Class 3-E is special. So special, in fact, that it’s completely separate from the rest of Kunugigaoka Junior High School. This isn’t necessarily the good type of special, though, as the rest of the student body knows Class 3-E as the final destination of hopeless students. Kids with behavioral problems, bad grades, and whatever else caused them to have trouble staying in line with the rest of the school end up here, and that’s precisely why it’s the perfect place for the Japanese government to keep an Earth-shattering secret. An alien that comes to be named Koro-sensei is teaching Class 3-E, and if the students aren’t able to assassinate him before graduation, he’s going to obliterate Earth.

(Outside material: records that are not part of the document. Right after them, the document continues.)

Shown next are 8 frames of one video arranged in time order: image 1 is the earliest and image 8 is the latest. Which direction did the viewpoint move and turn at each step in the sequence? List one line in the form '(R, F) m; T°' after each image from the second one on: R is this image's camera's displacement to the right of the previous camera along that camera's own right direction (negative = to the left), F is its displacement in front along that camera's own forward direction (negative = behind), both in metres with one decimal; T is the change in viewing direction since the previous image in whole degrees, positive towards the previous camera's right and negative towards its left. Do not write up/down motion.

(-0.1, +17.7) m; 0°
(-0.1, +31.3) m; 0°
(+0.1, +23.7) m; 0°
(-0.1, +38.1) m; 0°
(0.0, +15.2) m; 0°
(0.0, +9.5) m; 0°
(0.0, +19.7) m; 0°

Koro-sensei is an oddball alien. His flowing robes cover up an unknown amount of writhing tentacles, and sitting atop it all is a perfectly spherical head that looks like a twisted emoticon. Despite his occasionally cheery demeanor, Koro-sensei is capable of moving at Mach 20, and even though the class is armed with guns, knives, and other weapons that can only harm Koro-sensei, he evades it all with a casual style more suited to lazily reclining on the beach. It’s up to Nagisa Shiota and the rest of the students, including the hot-headed and devious Karma Akabane, to come up with a surefire way of ending this threat once and for all.

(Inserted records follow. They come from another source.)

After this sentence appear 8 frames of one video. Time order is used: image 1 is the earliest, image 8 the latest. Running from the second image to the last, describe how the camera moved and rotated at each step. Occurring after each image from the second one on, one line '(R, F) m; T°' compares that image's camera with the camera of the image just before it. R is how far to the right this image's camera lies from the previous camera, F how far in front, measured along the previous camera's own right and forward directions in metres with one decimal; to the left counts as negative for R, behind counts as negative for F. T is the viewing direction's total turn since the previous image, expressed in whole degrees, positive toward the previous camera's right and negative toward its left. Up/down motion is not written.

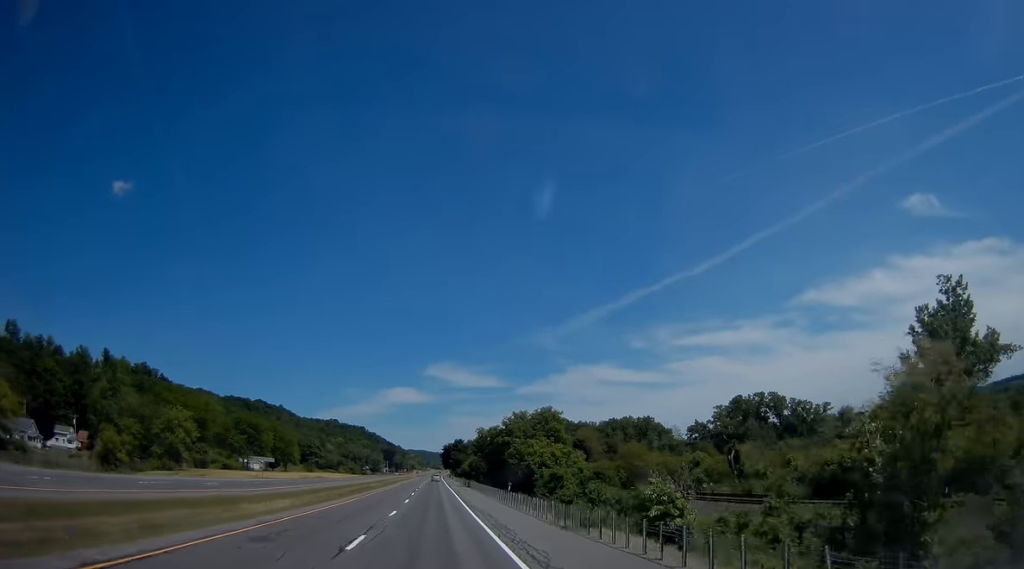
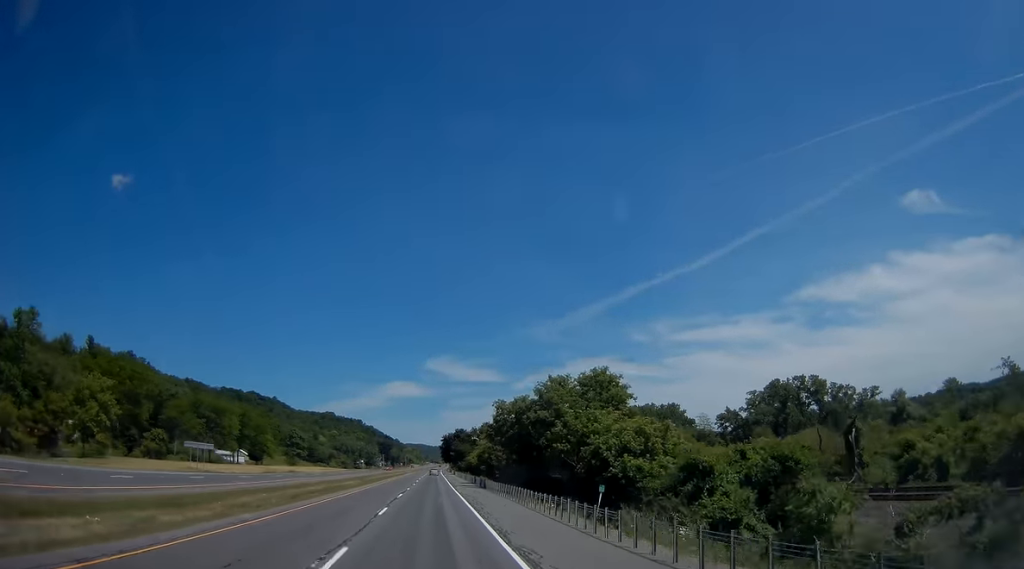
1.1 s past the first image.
(+0.2, +27.8) m; +1°
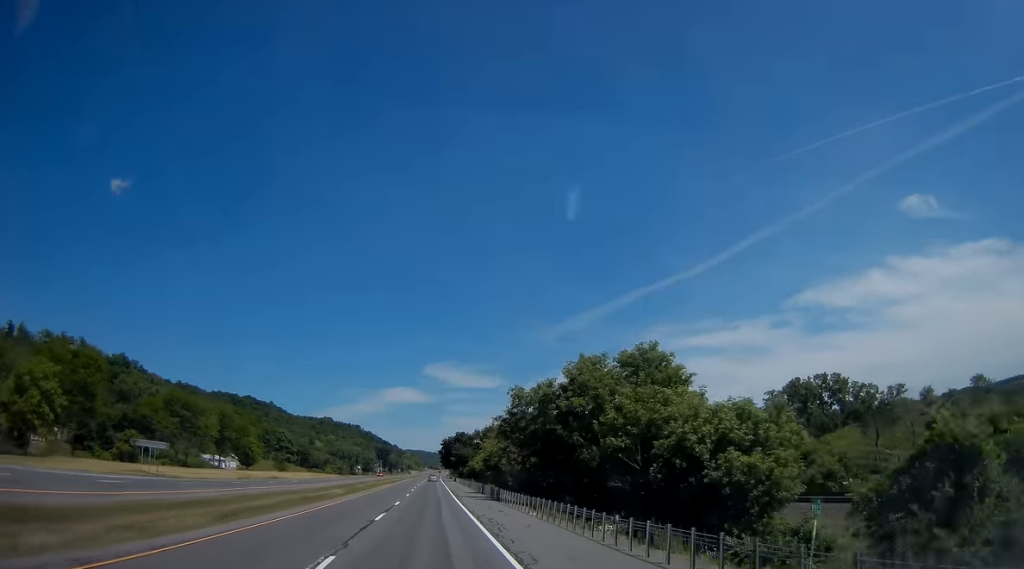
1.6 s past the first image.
(+0.2, +13.0) m; 0°
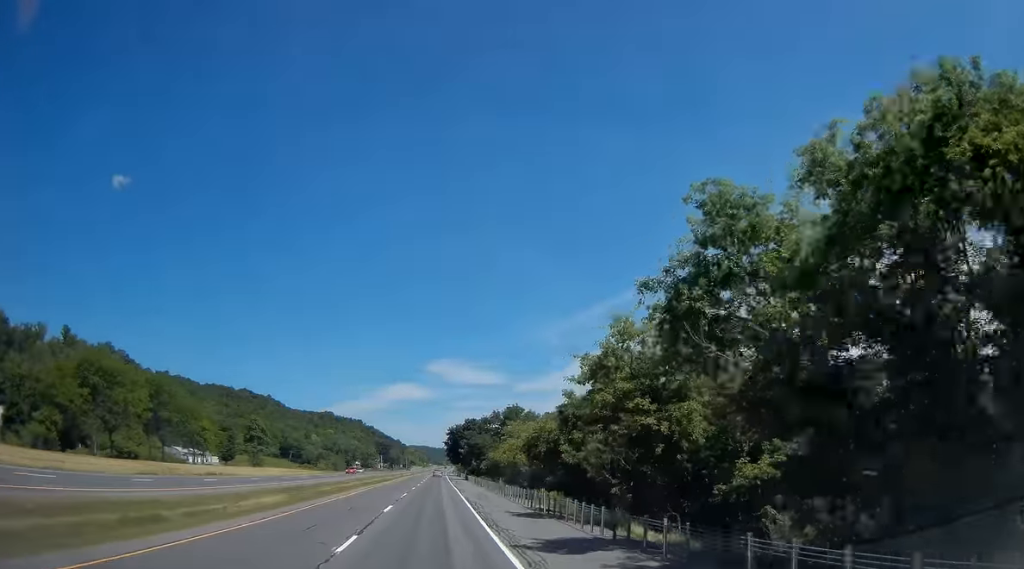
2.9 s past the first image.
(-0.2, +33.9) m; -2°
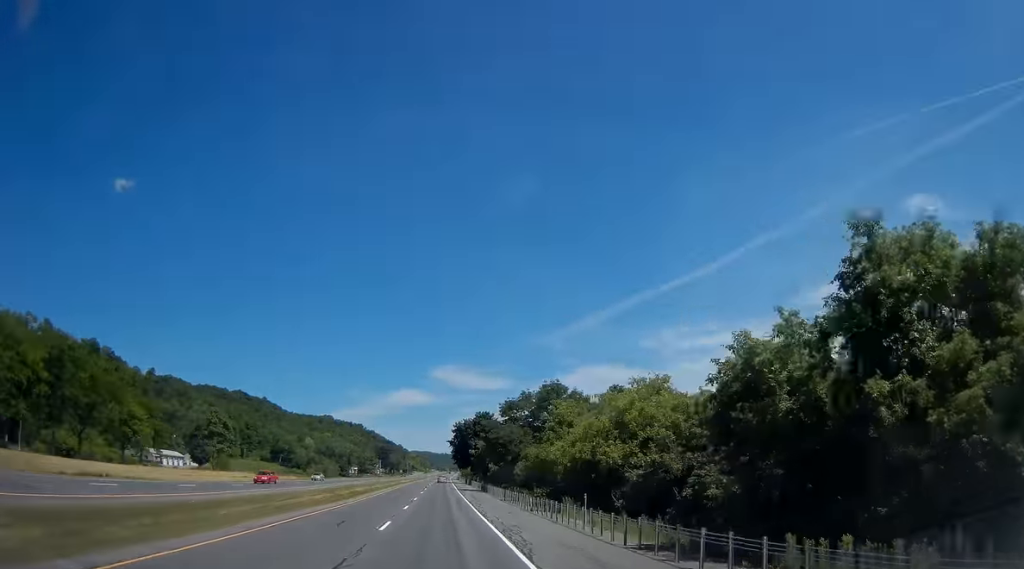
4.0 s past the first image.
(-0.5, +30.5) m; 0°
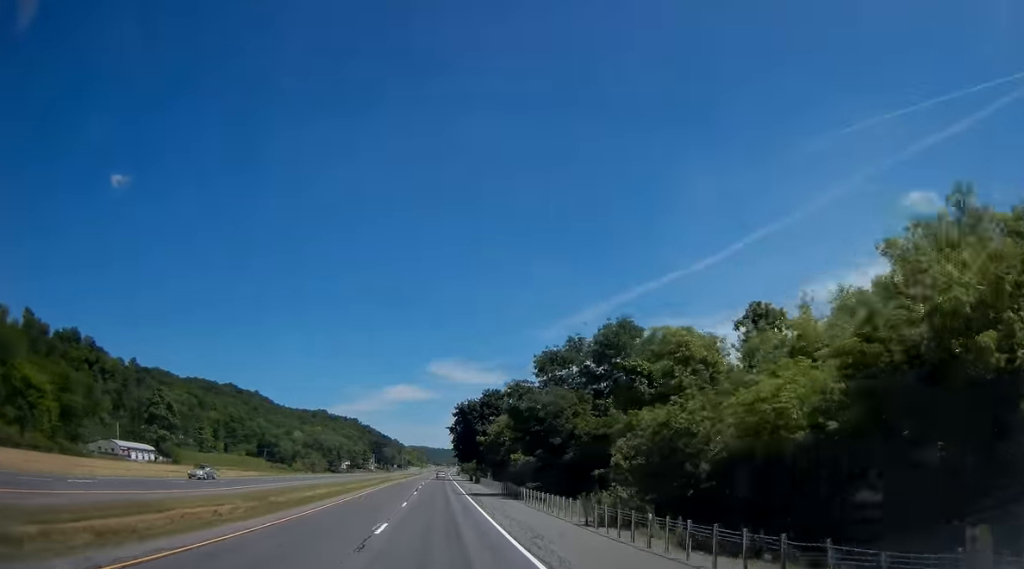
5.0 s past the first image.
(+0.5, +26.2) m; +1°
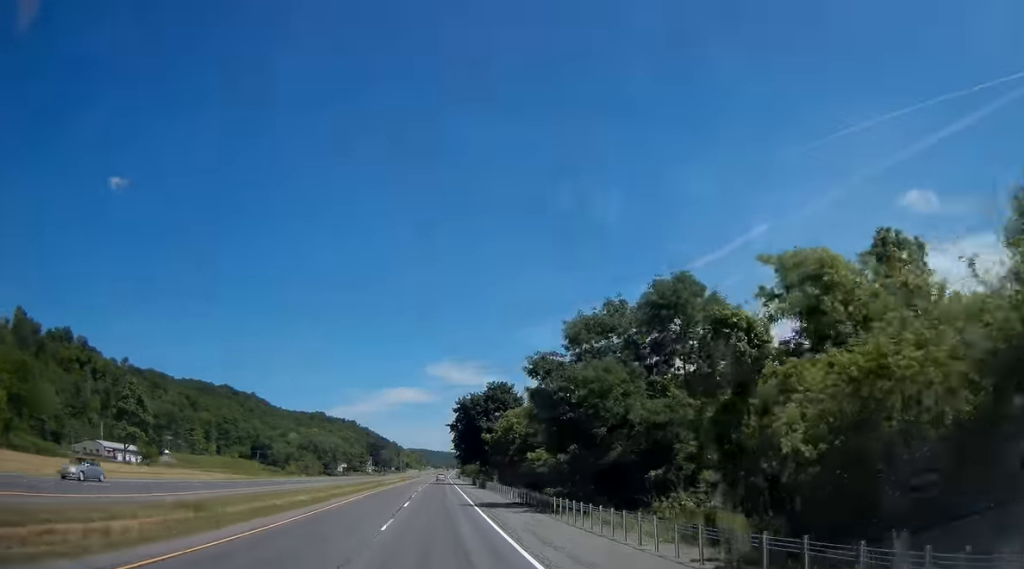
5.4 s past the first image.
(0.0, +10.5) m; 0°
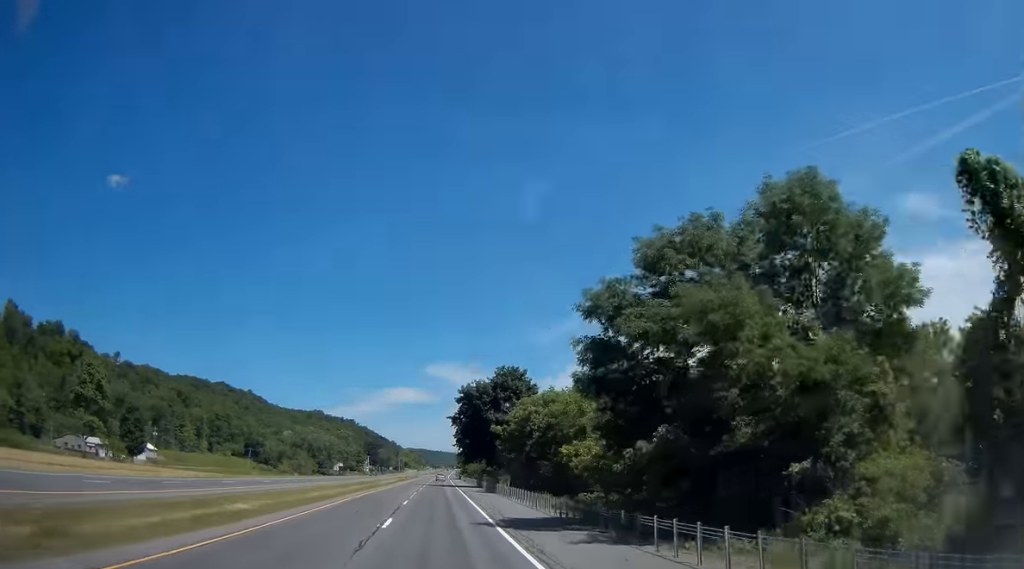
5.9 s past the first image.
(0.0, +12.2) m; 0°

Assassination Classroom absolutely would not work if Koro-sensei were just some evil jerk. The entire narrative hinges on the fact that he’s actually a really good teacher, committed to the practice thanks to a still-mysterious promise. The first volume is full of assassination attempts, some more clever than others, and Yusei Matsui tosses in some solid humor along with consistently nice linework and efficient action sequences. There’s something oddly charming about Koro-sensei, and it’s not just that rarely-wavering grin. He has so many bizarre alien quirks—like changing color when he’s angry or his guard is down—but it’s the little glimmers of humanity that make him interesting. At one point he dons a (really bad) disguise to attend a baseball game, but it turns out he just wanted to study pitching technique to assist one of his students, something that will ultimately help him become a better assassin. Koro-sensei might not want to die, but he does want his students to succeed.
The first volume of Assassination Classroom has me pretty well sold on the series, at least enough to keep up with it for the time being. The only thing I’m wary of is how well the concept can sustain itself throughout the typical length of a Shonen Jump series. It’s been running since 2012 and has already racked up 12 volumes in Japan, but surely Matsui has some surprises in store. If it continues to entertain as much as the opening chapters, it’ll be another series worth popping in the regular rotation.